> [REQUIREMENT]: The response should contain only those lines of the entries below that include the string "fill".

> [INPUT DATA]:

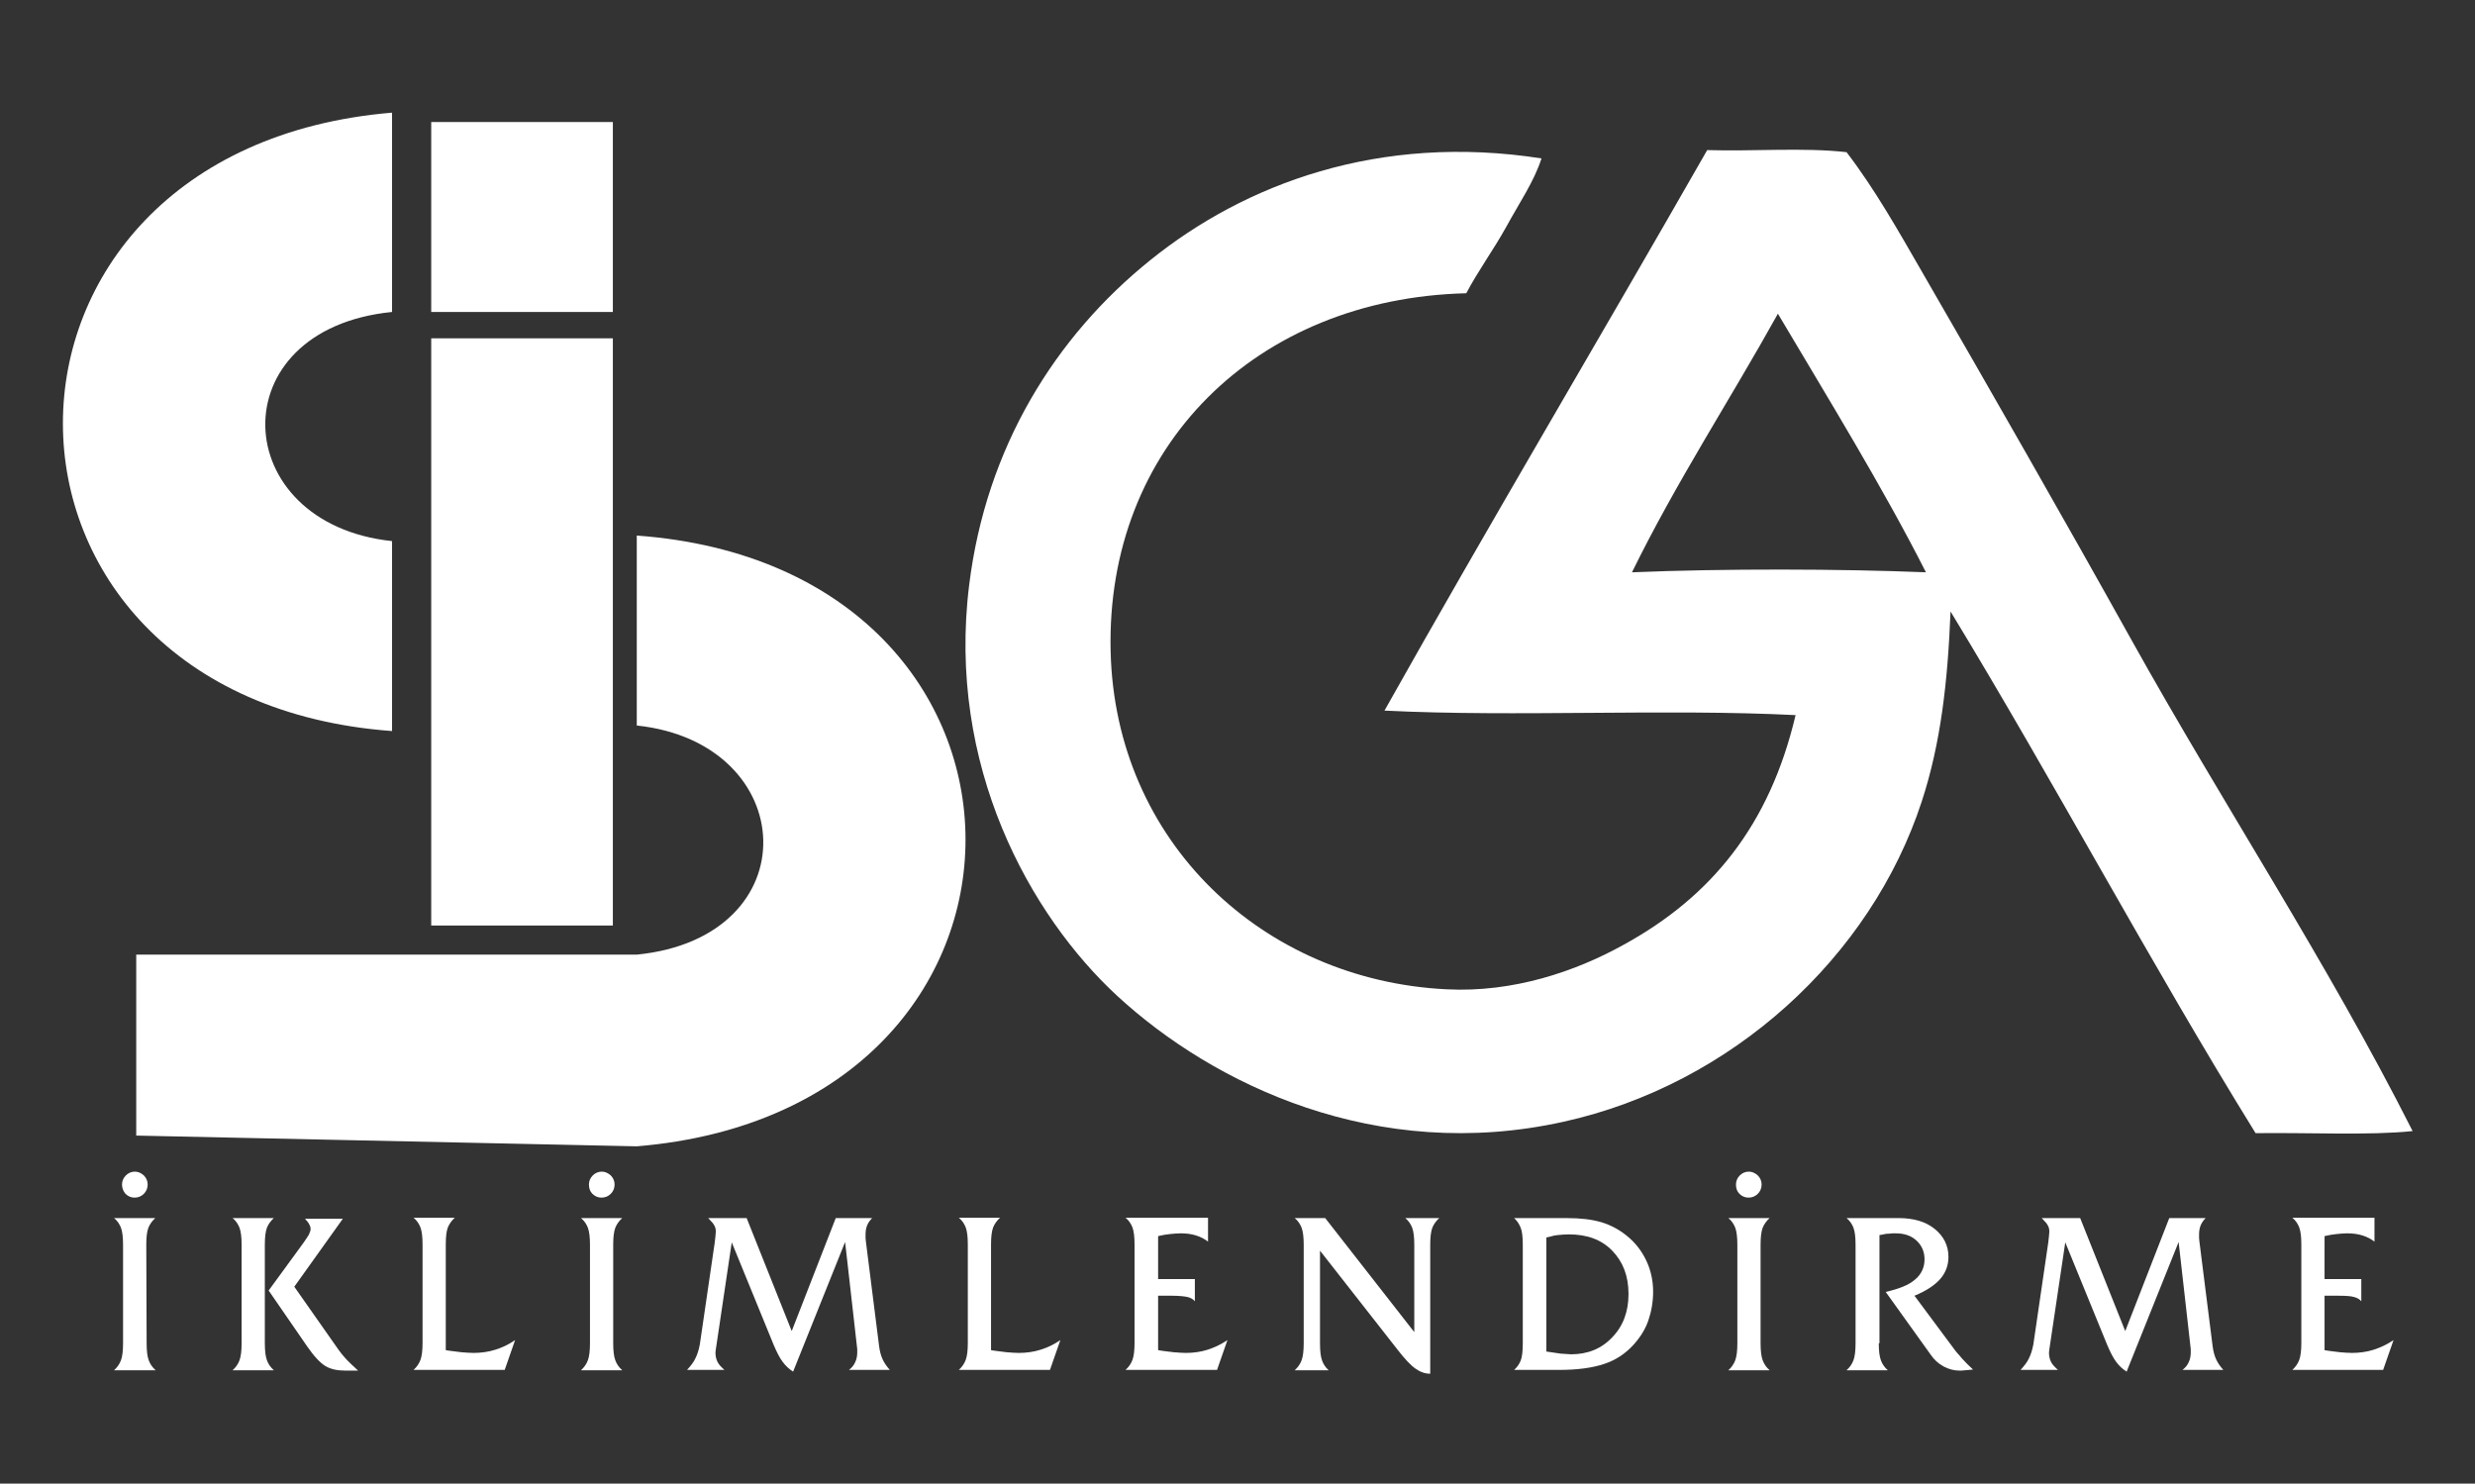 <?xml version="1.0" encoding="utf-8"?>
<!-- Generator: Adobe Illustrator 26.3.1, SVG Export Plug-In . SVG Version: 6.00 Build 0)  -->
<svg version="1.1" id="Layer_1" xmlns="http://www.w3.org/2000/svg" xmlns:xlink="http://www.w3.org/1999/xlink" x="0px" y="0px"
	 viewBox="0 0 714 428" style="enable-background:new 0 0 714 428;" xml:space="preserve">
<rect x="0" y="0" width="714" height="428" fill="#333333" stroke="none"/>
<style type="text/css">
	.st0{fill:#FFFFFF;}
</style>
<g>
	<g>
		<polygon class="st0" points="124.4,97.6 176.8,97.6 176.8,267 124.4,267 		"/>
		<path class="st0" d="M183.7,330.7c126.7-10.5,126.2-167,0-176.2v54.8c47.2,5,50.1,61.1,0,66.1H39.3v52.2L183.7,330.7L183.7,330.7z
			 M124.4,90h52.4V35.2h-52.4V90L124.4,90z M113.1,32.5V90c-50.1,5-47.4,61.1,0,66.1v54.8C-13.4,201.6-13.6,43.1,113.1,32.5
			L113.1,32.5z"/>
		<path class="st0" d="M492.5,43.3c13.2,0.4,28-0.8,40.2,0.6c8.2,10.7,15,22.8,21.7,34.4c20.1,34.8,40.6,70.6,60.6,106.5
			c26.4,47.4,56.4,92.8,81,141.5c-12.4,1.3-30,0.4-45.3,0.6c-30.4-49.1-57.9-101-88-150.5c-0.8,20.2-2.8,38-8.3,54.8
			c-14.7,45-54.9,81.7-103.3,92.4c-54,12-101-10.7-128.8-36.3c-25.2-23.3-49.2-66.4-42.7-118.6c4.9-39.6,24.8-71.6,52.3-93.7
			c27.2-21.9,65.9-36.6,112.8-29.3c-2.1,6.6-6.5,13-10.2,19.8c-3.6,6.5-8.2,12.8-11.5,19.1c-60.7,1.5-104,44.3-102.6,103.3
			c1.3,55,44,94.9,96.9,97.5c19.3,1,37.3-5.2,51-12.8c25.4-13.9,42.2-34.5,49.7-66.3c-38-1.9-80.5,0.6-118.6-1.3
			C429.9,150.7,461.6,97.4,492.5,43.3z M470.8,165.1c26.7-1.1,60.1-1,84.8,0c-12.3-24.3-28.3-50.3-42.7-74.6
			C499,115.5,483.6,139,470.8,165.1z"/>
		<g>
			<path class="st0" d="M42.3,387.5c0,2.2,0.2,3.8,0.6,4.9c0.4,1.1,1,2,2,2.9h-12c0.9-0.8,1.6-1.8,2-2.9s0.6-2.7,0.6-4.9v-28.4
				c0-2.2-0.2-3.8-0.6-4.9c-0.4-1-1-2-2-2.8h11.9c-0.9,0.8-1.6,1.8-2,2.8c-0.4,1.1-0.6,2.7-0.6,4.9L42.3,387.5L42.3,387.5z
				 M35.2,341.7c0-1,0.4-1.9,1.1-2.6c0.7-0.7,1.6-1.1,2.6-1.1s1.8,0.4,2.6,1.1c0.7,0.7,1.1,1.6,1.1,2.6c0,1.1-0.4,2-1.1,2.7
				c-0.7,0.7-1.6,1.1-2.7,1.1c-1,0-1.9-0.4-2.6-1.1C35.6,343.7,35.2,342.8,35.2,341.7z"/>
			<path class="st0" d="M76.4,387.5c0,2.2,0.2,3.8,0.6,4.9s1,2,2,2.9H67.1c0.9-0.8,1.6-1.8,2-2.9s0.6-2.7,0.6-4.9v-28.4
				c0-2.2-0.2-3.8-0.6-4.9c-0.4-1-1-2-2-2.8H79c-0.9,0.8-1.6,1.8-2,2.8c-0.4,1.1-0.6,2.7-0.6,4.9V387.5z M77.5,372.3l10-13.7
				c0.6-0.9,1.2-1.7,1.6-2.4c0.3-0.7,0.5-1.2,0.5-1.6c0-0.5-0.1-0.9-0.4-1.4c-0.2-0.5-0.7-1-1.2-1.6h10.9l-14,19.6l12.7,18.1
				c0.3,0.4,0.6,0.8,0.9,1.2c0.3,0.4,0.7,0.8,1.2,1.4c0.9,1,2.1,2.1,3.6,3.5h-3.7c-2.3,0-4.2-0.4-5.7-1.3s-3.3-2.8-5.3-5.7
				L77.5,372.3z"/>
			<path class="st0" d="M119.3,395.2c0.9-0.8,1.6-1.8,2-2.9s0.6-2.7,0.6-4.9V359c0-2.2-0.2-3.8-0.6-4.9c-0.4-1-1-2-2-2.8h11.9
				c-0.9,0.8-1.6,1.8-2,2.8s-0.6,2.7-0.6,4.9v30.5c1.7,0.3,3.2,0.4,4.5,0.6c1.3,0.1,2.5,0.2,3.5,0.2c2.2,0,4.3-0.3,6.2-0.9
				c2-0.6,3.9-1.5,5.8-2.8l-3,8.6L119.3,395.2L119.3,395.2z"/>
			<path class="st0" d="M176.9,387.5c0,2.2,0.2,3.8,0.6,4.9c0.4,1.1,1,2,2,2.9h-11.9c0.9-0.8,1.6-1.8,2-2.9s0.6-2.7,0.6-4.9v-28.4
				c0-2.2-0.2-3.8-0.6-4.9c-0.4-1-1-2-2-2.8h11.9c-0.9,0.8-1.6,1.8-2,2.8c-0.4,1.1-0.6,2.7-0.6,4.9V387.5z M169.9,341.7
				c0-1,0.4-1.9,1.1-2.6c0.7-0.7,1.6-1.1,2.6-1.1s1.8,0.4,2.6,1.1c0.7,0.7,1.1,1.6,1.1,2.6c0,1.1-0.4,2-1.1,2.7
				c-0.7,0.7-1.6,1.1-2.7,1.1c-1,0-1.9-0.4-2.6-1.1S169.9,342.8,169.9,341.7z"/>
			<path class="st0" d="M198.2,395.2c1-1.1,1.9-2.2,2.4-3.3c0.6-1.2,1-2.5,1.3-4.1l4.3-29.4l0.2-1.8l0.1-1.3c0-0.6-0.1-1.2-0.4-1.7
				c-0.2-0.5-0.8-1.2-1.8-2.2h11.1l13,32.6l12.7-32.6h10.5c-0.6,0.6-1.1,1.3-1.4,2c-0.3,0.7-0.5,1.6-0.5,2.6v1.2l0.1,1l3.8,30.1
				c0.2,1.5,0.5,2.7,1,3.8c0.5,1.1,1.2,2.1,2.1,3.1h-11.8c0.8-0.6,1.4-1.3,1.8-2.2c0.4-0.8,0.6-1.8,0.6-2.8v-0.6v-0.4l-3.5-30.9
				l-15,37.4c-1.1-0.7-2.1-1.6-3-2.8c-0.9-1.2-1.7-2.8-2.6-4.9l-12.1-29.6l-4.3,28.9l-0.3,2l-0.1,0.9c0,1,0.2,1.9,0.6,2.7
				c0.4,0.8,1.1,1.5,2,2.3L198.2,395.2L198.2,395.2z"/>
			<path class="st0" d="M276.6,395.2c0.9-0.8,1.6-1.8,2-2.9s0.6-2.7,0.6-4.9V359c0-2.2-0.2-3.8-0.6-4.9c-0.4-1-1-2-2-2.8h11.9
				c-0.9,0.8-1.6,1.8-2,2.8c-0.4,1.1-0.6,2.7-0.6,4.9v30.5c1.7,0.3,3.2,0.4,4.5,0.6c1.3,0.1,2.5,0.2,3.5,0.2c2.2,0,4.3-0.3,6.2-0.9
				c2-0.6,3.9-1.5,5.8-2.8l-3,8.6L276.6,395.2L276.6,395.2z"/>
			<path class="st0" d="M324.7,395.2c0.9-0.8,1.6-1.8,2-2.9s0.6-2.7,0.6-4.9V359c0-2.2-0.2-3.8-0.6-4.9c-0.4-1-1-2-2-2.8h23.8v6.9
				c-1-0.8-2.2-1.4-3.5-1.8s-2.7-0.6-4.4-0.6c-0.9,0-1.9,0.1-3,0.2s-2.2,0.3-3.5,0.6V369h10.6v6.4c-0.5-0.6-1.2-1-2-1.2
				s-2.4-0.4-4.7-0.4h-3.9v15.7c1.6,0.3,3.1,0.4,4.5,0.6c1.3,0.1,2.5,0.2,3.5,0.2c2.2,0,4.3-0.3,6.2-0.9c1.9-0.6,3.9-1.5,5.8-2.8
				l-3,8.6L324.7,395.2L324.7,395.2z"/>
			<path class="st0" d="M415.2,351.4c-0.9,0.8-1.6,1.8-2,2.8c-0.4,1.1-0.6,2.7-0.6,4.9v37.2c-1.5,0-2.9-0.5-4.3-1.5
				c-1.3-0.9-3-2.7-5.1-5.4l-22.4-28.6v26.7c0,2.3,0.2,3.9,0.6,5s1,2,1.9,2.8h-9.8c0.9-0.8,1.6-1.8,2-2.9s0.6-2.7,0.6-4.9v-28.4
				c0-2.2-0.2-3.8-0.6-4.9c-0.4-1-1-2-2-2.8h8.8l25.7,32.9v-25.2c0-2.2-0.2-3.8-0.6-4.9c-0.4-1-1-2-2-2.8L415.2,351.4L415.2,351.4z"
				/>
			<path class="st0" d="M436.8,395.2c0.9-0.8,1.5-1.7,1.9-2.7s0.6-2.7,0.6-5v-28.4c0-2.3-0.2-3.9-0.6-4.9s-1-2-1.9-2.8h15.1
				c2.1,0,3.9,0.1,5.6,0.3c1.6,0.2,3.1,0.5,4.5,0.9c2.6,0.8,5.1,2.1,7.3,3.9c2.5,2,4.3,4.4,5.6,7.1c1.3,2.7,2,5.8,2,9
				c0,3-0.5,5.8-1.4,8.4s-2.4,4.9-4.3,7c-2.3,2.5-5.1,4.4-8.5,5.5c-3.3,1.1-7.6,1.7-12.9,1.7H436.8z M446.1,389.9l4.1,0.6l3,0.2
				c4.8,0,8.8-1.6,11.9-4.9c3.2-3.3,4.7-7.5,4.7-12.5c0-5.2-1.6-9.3-4.7-12.5s-7.3-4.7-12.5-4.7c-1.1,0-2.2,0.1-3.2,0.2
				c-0.6,0.1-1.1,0.1-1.6,0.3c-0.5,0.1-1.1,0.3-1.7,0.4L446.1,389.9L446.1,389.9z"/>
			<path class="st0" d="M507.9,387.5c0,2.2,0.2,3.8,0.6,4.9s1,2,2,2.9h-11.9c0.9-0.8,1.6-1.8,2-2.9s0.6-2.7,0.6-4.9v-28.4
				c0-2.2-0.2-3.8-0.6-4.9c-0.4-1-1-2-2-2.8h11.9c-0.9,0.8-1.6,1.8-2,2.8c-0.4,1.1-0.6,2.7-0.6,4.9V387.5z M500.8,341.7
				c0-1,0.4-1.9,1.1-2.6s1.6-1.1,2.6-1.1s1.8,0.4,2.6,1.1c0.7,0.7,1.1,1.6,1.1,2.6c0,1.1-0.4,2-1.1,2.7s-1.6,1.1-2.7,1.1
				c-1,0-1.9-0.4-2.6-1.1C501.1,343.7,500.8,342.8,500.8,341.7z"/>
			<path class="st0" d="M542,387.5c0,2.2,0.2,3.8,0.6,4.9c0.4,1.1,1,2,2,2.9h-11.9c0.9-0.8,1.6-1.8,2-2.9s0.6-2.7,0.6-4.9v-28.4
				c0-2.2-0.2-3.8-0.6-4.9c-0.4-1-1-2-2-2.8h15c4.3,0,7.8,1,10.4,3.1c2.6,2.1,4,4.8,4,8.1c0,2.4-0.8,4.6-2.4,6.4
				c-1.6,1.8-4,3.4-7.4,4.8l11.3,15.2c0.4,0.5,0.7,1,1.1,1.4c0.4,0.4,0.8,0.9,1.3,1.5c0.9,1,2,2.1,3.2,3.2l-3.4,0.3h-0.5
				c-1.6,0-3.1-0.4-4.6-1.2c-1.5-0.8-2.8-2-3.8-3.5l-12.9-18c3.9-0.9,6.7-2,8.5-3.6c1.8-1.5,2.7-3.5,2.7-5.8c0-2.2-0.8-4-2.3-5.4
				s-3.5-2.1-6-2.1c-0.3,0-0.6,0-0.9,0c-0.3,0-0.7,0.1-1.1,0.1c-0.3,0-0.7,0-1.1,0.1c-0.4,0.1-0.9,0.2-1.6,0.3v31.2H542z"/>
			<path class="st0" d="M582.9,395.2c1-1.1,1.9-2.2,2.4-3.3c0.6-1.2,1-2.5,1.3-4.1l4.3-29.4l0.2-1.8l0.1-1.3c0-0.6-0.1-1.2-0.4-1.7
				c-0.2-0.5-0.8-1.2-1.8-2.2h11.1l13,32.6l12.7-32.6h10.5c-0.6,0.6-1.1,1.3-1.4,2c-0.3,0.7-0.5,1.6-0.5,2.6v1.2l0.1,1l3.8,30.1
				c0.2,1.5,0.5,2.7,1,3.8c0.5,1.1,1.2,2.1,2.1,3.1h-11.8c0.8-0.6,1.4-1.3,1.8-2.2c0.4-0.8,0.6-1.8,0.6-2.8v-0.6v-0.4l-3.5-30.9
				l-15,37.4c-1.1-0.7-2.1-1.6-3-2.8c-0.9-1.2-1.7-2.8-2.6-4.9l-12.1-29.6l-4.3,28.9l-0.3,2l-0.1,0.9c0,1,0.2,1.9,0.6,2.7
				c0.4,0.8,1.1,1.5,2,2.3L582.9,395.2L582.9,395.2z"/>
			<path class="st0" d="M661.3,395.2c0.9-0.8,1.6-1.8,2-2.9s0.6-2.7,0.6-4.9V359c0-2.2-0.2-3.8-0.6-4.9c-0.4-1-1-2-2-2.8H685v6.9
				c-1-0.8-2.2-1.4-3.5-1.8s-2.7-0.6-4.4-0.6c-0.9,0-1.9,0.1-3,0.2s-2.2,0.3-3.5,0.6V369h10.6v6.4c-0.5-0.6-1.2-1-2-1.2
				c-0.9-0.3-2.4-0.4-4.7-0.4h-3.9v15.7c1.6,0.3,3.1,0.4,4.4,0.6c1.3,0.1,2.5,0.2,3.5,0.2c2.2,0,4.3-0.3,6.2-0.9s3.9-1.5,5.8-2.8
				l-3,8.6L661.3,395.2L661.3,395.2z"/>
		</g>
	</g>
</g>
</svg>

> [ANSWER]:
<rect x="0" y="0" width="714" height="428" fill="#333333" stroke="none"/>
	.st0{fill:#FFFFFF;}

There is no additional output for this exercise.